Records for this task |
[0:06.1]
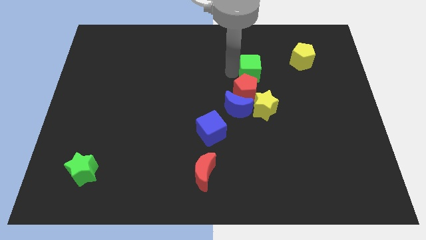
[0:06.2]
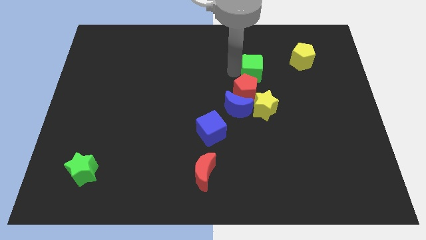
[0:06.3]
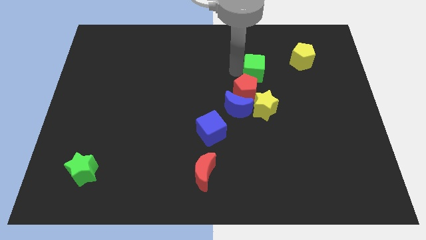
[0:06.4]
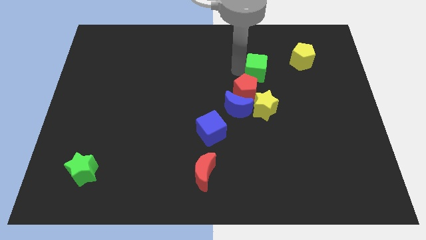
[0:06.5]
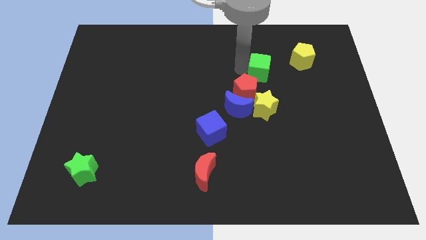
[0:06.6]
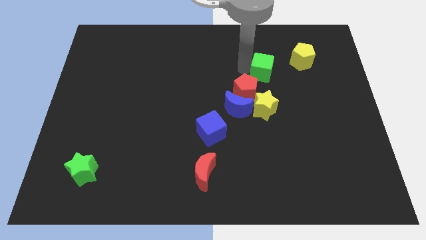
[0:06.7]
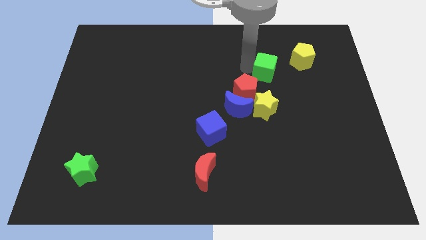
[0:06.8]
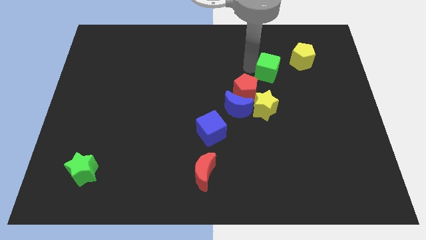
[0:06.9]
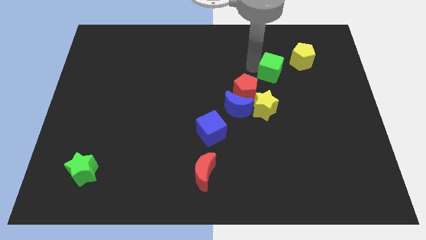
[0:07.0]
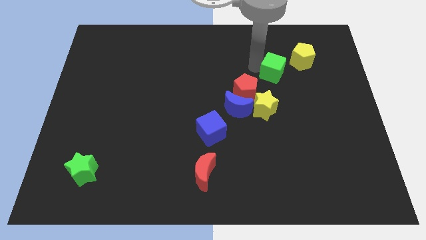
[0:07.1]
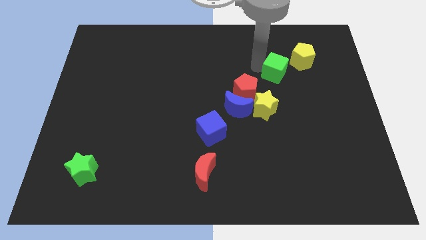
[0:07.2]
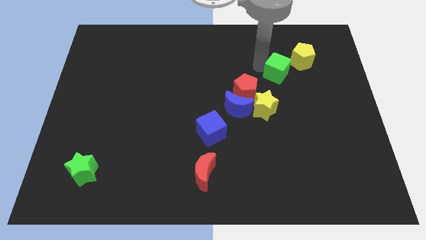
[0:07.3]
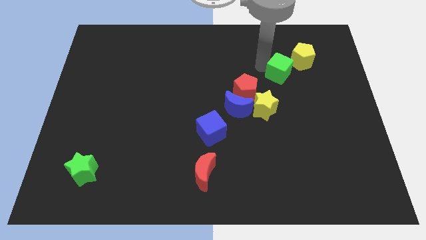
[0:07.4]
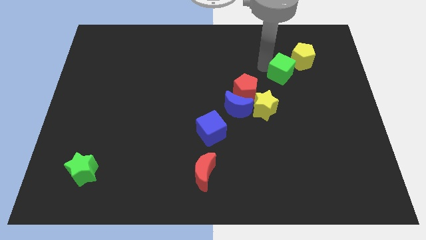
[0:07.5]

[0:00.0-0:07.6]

Work required | Write every entry out again exactly, dropping the pictures.

Answer to the problem |
[0:06.1]
[0:06.2]
[0:06.3]
[0:06.4]
[0:06.5]
[0:06.6]
[0:06.7]
[0:06.8]
[0:06.9]
[0:07.0]
[0:07.1]
[0:07.2]
[0:07.3]
[0:07.4]
[0:07.5]

[0:00.0-0:07.6]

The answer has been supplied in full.